So this past week I found some great garage sales, and a plethora of treasures. I wanted to share just a couple this week...they are my SMALLEST finds of the week (don't laugh Mom, I know you are picturing my jam-packed Jeep last Thursday when I said I was NOT going to buy anything big!), but I think they are cool little treasures and of design interest.
The first is this neat salt and pepper dispenser from Whirley Industries, made in the 1950's. I call it a "dispenser" and not a "shaker," because it requires no shaking.
You hold this thing over your food, and if you want salt, you push the white button. If you want pepper, push the black button. Pushing the button releases a little plunger in the bottom, dispensing the seasoning of your choice. (on the far left you see me dispensing pepper. On the far right I've pulled out and turned the plungers to access the holes to refill it.)
Using Google's patent search, I entered the patent number on the bottom of the shaker, and found that the design patent was filed for in 1952.

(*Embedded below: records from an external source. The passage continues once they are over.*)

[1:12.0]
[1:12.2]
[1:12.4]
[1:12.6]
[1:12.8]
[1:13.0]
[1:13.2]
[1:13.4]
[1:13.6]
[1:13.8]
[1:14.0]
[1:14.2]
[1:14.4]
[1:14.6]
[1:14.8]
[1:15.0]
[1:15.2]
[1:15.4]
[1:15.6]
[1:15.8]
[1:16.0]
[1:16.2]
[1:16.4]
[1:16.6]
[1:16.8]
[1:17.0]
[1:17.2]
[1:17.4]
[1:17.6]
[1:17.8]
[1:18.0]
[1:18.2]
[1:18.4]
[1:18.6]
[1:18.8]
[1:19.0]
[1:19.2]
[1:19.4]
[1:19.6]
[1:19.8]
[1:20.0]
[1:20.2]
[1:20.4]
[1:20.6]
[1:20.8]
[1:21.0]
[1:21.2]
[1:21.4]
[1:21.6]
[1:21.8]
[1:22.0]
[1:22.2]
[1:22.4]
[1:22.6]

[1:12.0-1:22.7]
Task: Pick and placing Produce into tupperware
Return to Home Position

Of course, it's still not really an improvement over the traditional "shaker" style with holes, because you can't see very well how much is coming out, and shaking is just a lot easier and quicker to spread salt or pepper over a larger area. But, I thought it was a fun concept and a great little piece of design history for the $0.50 cents I paid!

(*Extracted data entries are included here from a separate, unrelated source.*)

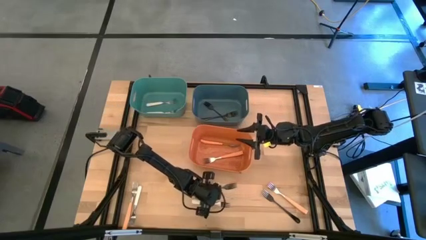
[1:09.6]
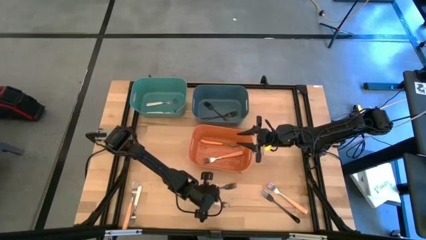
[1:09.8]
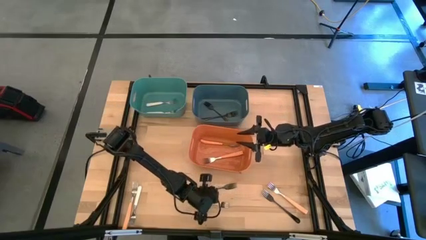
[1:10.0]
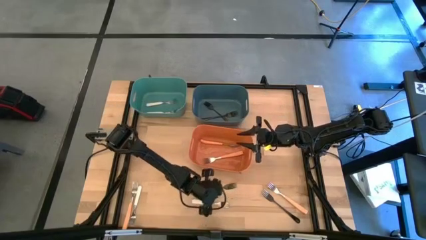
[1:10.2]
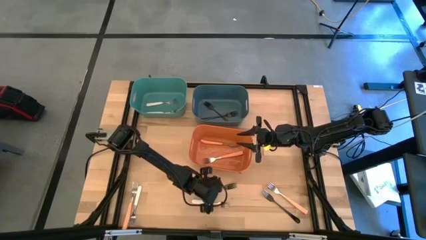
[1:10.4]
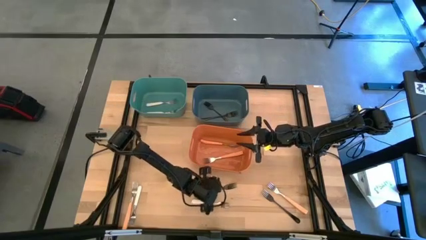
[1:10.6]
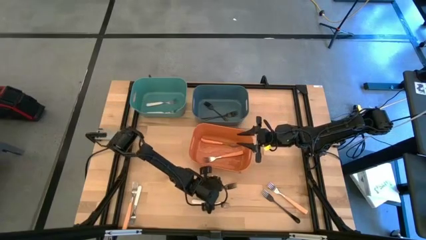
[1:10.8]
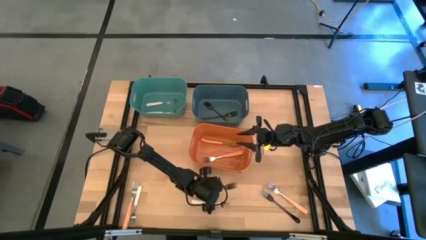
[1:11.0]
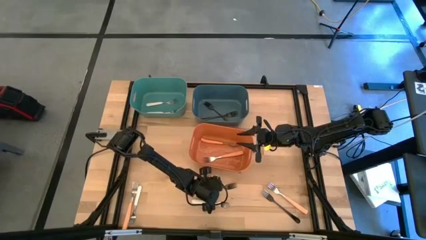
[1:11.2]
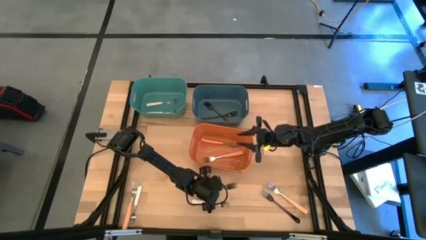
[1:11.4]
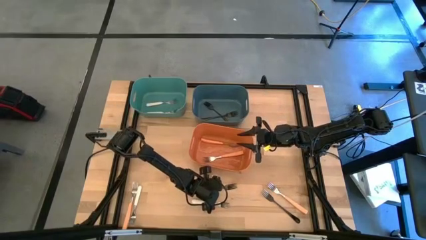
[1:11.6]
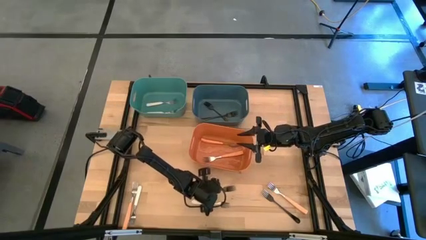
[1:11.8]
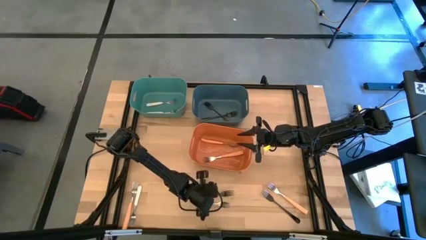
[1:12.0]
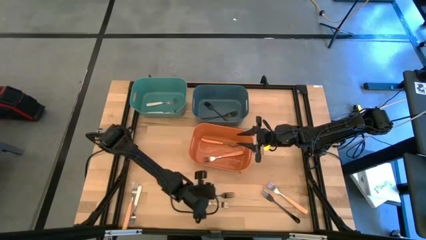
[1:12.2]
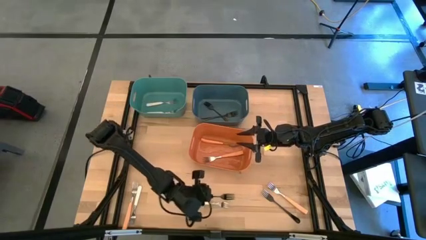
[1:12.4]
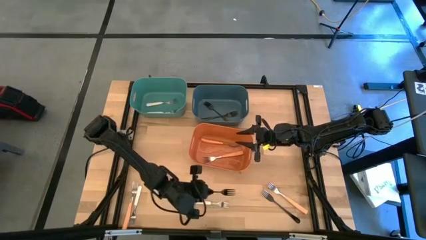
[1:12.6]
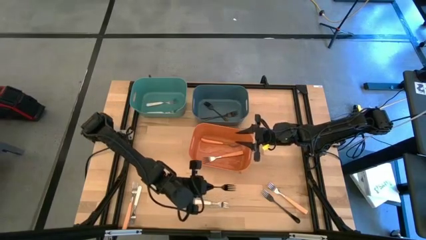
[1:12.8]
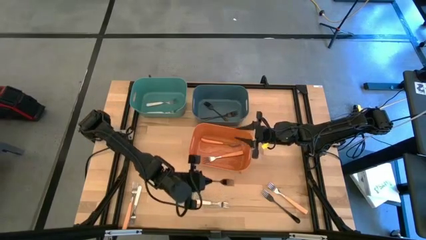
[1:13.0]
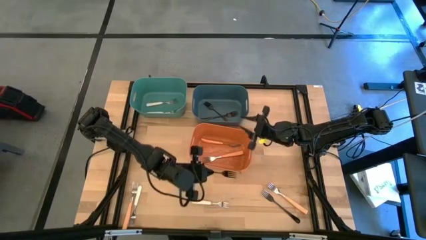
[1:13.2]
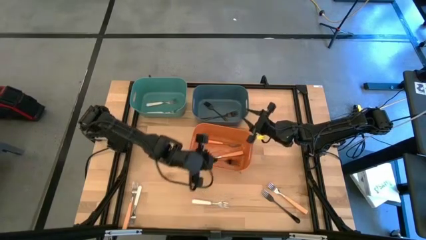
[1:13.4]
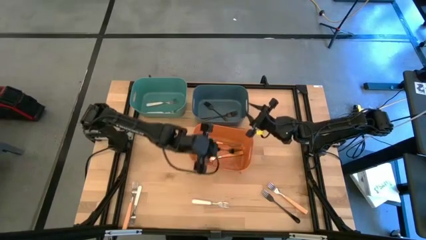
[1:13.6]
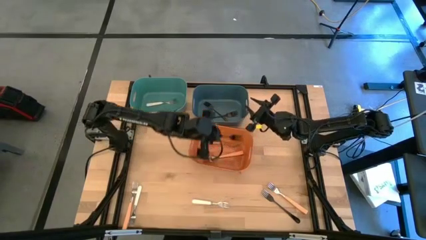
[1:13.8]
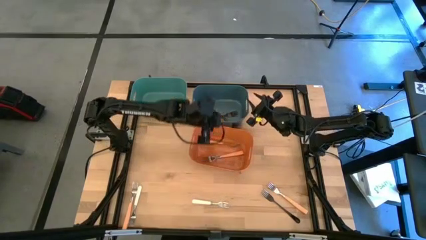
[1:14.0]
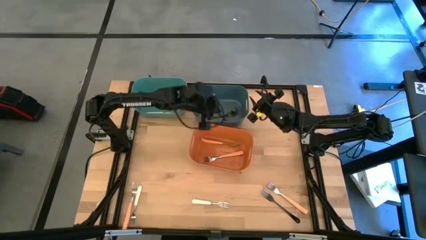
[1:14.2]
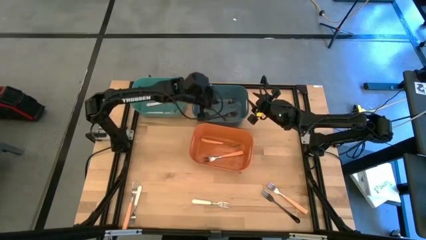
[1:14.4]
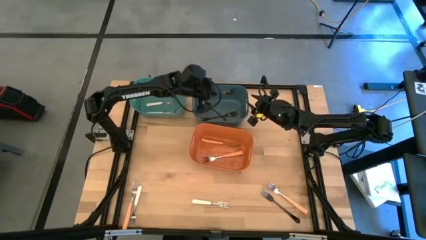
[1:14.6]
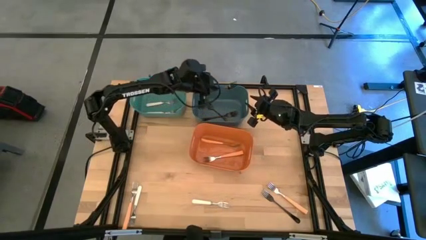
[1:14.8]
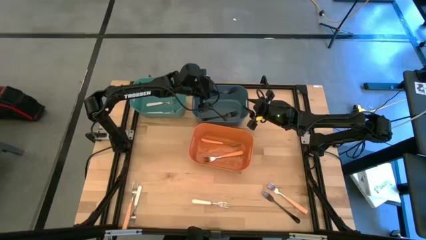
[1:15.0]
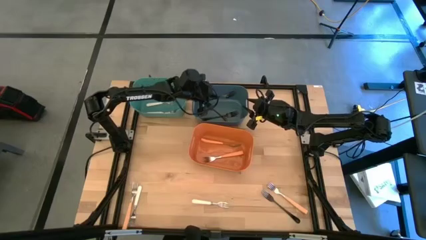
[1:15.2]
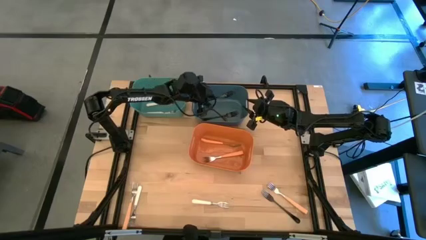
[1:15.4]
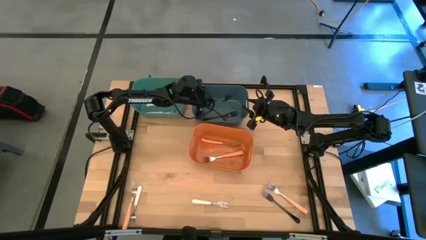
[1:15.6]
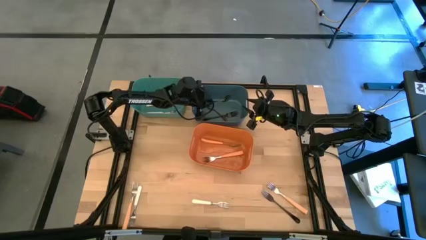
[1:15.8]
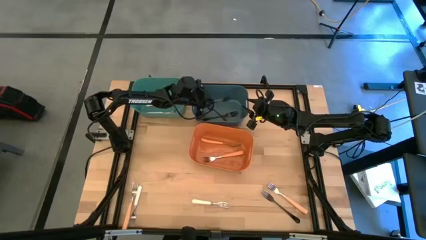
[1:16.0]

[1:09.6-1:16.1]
Task: Sort silverware by color (type)
Put the black fork into the blue bin

I also found these great napkin rings at the same sale. I've been wanting to get a nice set of napkin rings that were clean and modern, but of quality material, and I really liked these. They were originally asking $4 and had "slashed" their price tag to $2. I think they might be silver but not sure...you can see they have a little tarnishing to clean up. They are really nice and heavy.

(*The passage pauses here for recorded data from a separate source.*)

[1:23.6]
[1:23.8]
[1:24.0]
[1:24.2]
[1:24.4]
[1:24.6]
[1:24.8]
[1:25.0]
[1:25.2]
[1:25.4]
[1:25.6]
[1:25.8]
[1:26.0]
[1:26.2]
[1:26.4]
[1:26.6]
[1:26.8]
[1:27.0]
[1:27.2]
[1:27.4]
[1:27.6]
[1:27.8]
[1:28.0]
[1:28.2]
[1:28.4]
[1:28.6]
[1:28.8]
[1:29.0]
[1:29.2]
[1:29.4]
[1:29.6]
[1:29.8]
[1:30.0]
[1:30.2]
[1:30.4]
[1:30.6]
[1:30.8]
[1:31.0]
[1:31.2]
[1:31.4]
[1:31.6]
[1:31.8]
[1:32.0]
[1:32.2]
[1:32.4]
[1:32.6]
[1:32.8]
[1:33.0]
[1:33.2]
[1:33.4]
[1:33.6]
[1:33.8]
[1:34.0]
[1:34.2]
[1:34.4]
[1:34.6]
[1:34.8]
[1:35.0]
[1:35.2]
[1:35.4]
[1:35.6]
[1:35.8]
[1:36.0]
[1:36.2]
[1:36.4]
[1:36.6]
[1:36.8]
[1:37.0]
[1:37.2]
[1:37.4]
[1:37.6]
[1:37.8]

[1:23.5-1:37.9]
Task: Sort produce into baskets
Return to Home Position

Wait a minute...see how I made that connection..."nice" and "heavy?" I bet you've done that too when shopping for products. You pick something up, and if it feels heavy in your hands, you perceive it as being of high quality. As industrial designers, we call that "perceived value." It's when an element of the product's design, be it weight, material, color, texture, or any other factor, contributes to the consumer's viewpoint on whether the object is of great or little value. Yup, there's a name for it, and people out there designing stuff for you with that concept in mind. I've actually heard stories of products that sold for more money after simply adding in some weight. Interesting, huh?